Linksys Blue Box Router HOWTO

Revision as of 15:51, 29 July 2020 by Netfreak (talk | contribs) (Created page with "<pre> Linksys Blue Box Router HOWTO Eric Steven Raymond [http://www.catb.org/~esr/] Thyrsus Enterprises Revision History...")
(diff) ← Older revision | Latest revision (diff) | Newer revision → (diff)
Linksys Blue Box Router HOWTO

Eric Steven Raymond

[http://www.catb.org/~esr/] Thyrsus Enterprises
Revision History                                                             
Revision 2.0           2005-01-18            Revised by: esr                 
Major update to reflect changes in 2.x and 3.x firmware.

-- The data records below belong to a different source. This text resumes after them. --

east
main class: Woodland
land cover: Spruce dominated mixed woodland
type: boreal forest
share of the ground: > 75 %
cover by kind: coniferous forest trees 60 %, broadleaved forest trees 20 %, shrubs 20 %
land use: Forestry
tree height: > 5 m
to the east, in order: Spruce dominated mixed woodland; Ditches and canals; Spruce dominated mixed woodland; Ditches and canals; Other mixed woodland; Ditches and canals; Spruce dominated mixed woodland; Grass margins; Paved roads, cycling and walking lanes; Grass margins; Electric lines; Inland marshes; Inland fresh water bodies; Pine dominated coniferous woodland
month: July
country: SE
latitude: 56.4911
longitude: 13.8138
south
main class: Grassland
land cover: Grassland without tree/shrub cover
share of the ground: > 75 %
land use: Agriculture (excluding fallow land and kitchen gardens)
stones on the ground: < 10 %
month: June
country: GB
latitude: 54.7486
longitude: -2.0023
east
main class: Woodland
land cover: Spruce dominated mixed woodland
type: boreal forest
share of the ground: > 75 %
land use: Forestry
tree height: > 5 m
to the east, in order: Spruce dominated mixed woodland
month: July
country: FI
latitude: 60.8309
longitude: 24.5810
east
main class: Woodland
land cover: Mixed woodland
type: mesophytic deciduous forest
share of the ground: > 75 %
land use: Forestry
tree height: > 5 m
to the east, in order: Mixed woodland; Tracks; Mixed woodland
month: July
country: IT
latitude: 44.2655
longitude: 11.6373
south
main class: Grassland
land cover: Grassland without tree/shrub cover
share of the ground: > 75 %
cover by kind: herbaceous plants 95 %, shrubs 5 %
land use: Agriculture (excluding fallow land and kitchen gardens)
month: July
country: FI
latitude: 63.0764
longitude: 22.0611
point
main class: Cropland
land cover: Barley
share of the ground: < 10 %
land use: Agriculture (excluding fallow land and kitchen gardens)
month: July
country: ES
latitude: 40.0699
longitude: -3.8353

More firmware       
replacements described. Dropped Hansen Online as it hasn't been updated in a 
while.                                                                       
Revision 1.6           2004-02-26            Revised by: esr                 
Added Link-n-Log                                                             
Revision 1.5           2003-07-31            Revised by: esr                 
Added the Seattle wireless.net link.                                         
Revision 1.4           2003-07-03            Revised by: esr                 
Linksys has released source code.                                            
Revision 1.3           2003-06-08            Revised by: esr                 
Added notes about SNMP security problems, casemodding, Linksys tech support. 
The Linksys turns out to have Linux inside.                                  
Revision 1.2           2003-04-29            Revised by: esr                 
Typo corrections.                                                            
Revision 1.1           2003-04-25            Revised by: esr                 
Added link to the linksysmon project. More configuration tips.               
Revision 1.0           2003-04-09            Revised by: esr                 
Initial release, reviewed by LDP.                                            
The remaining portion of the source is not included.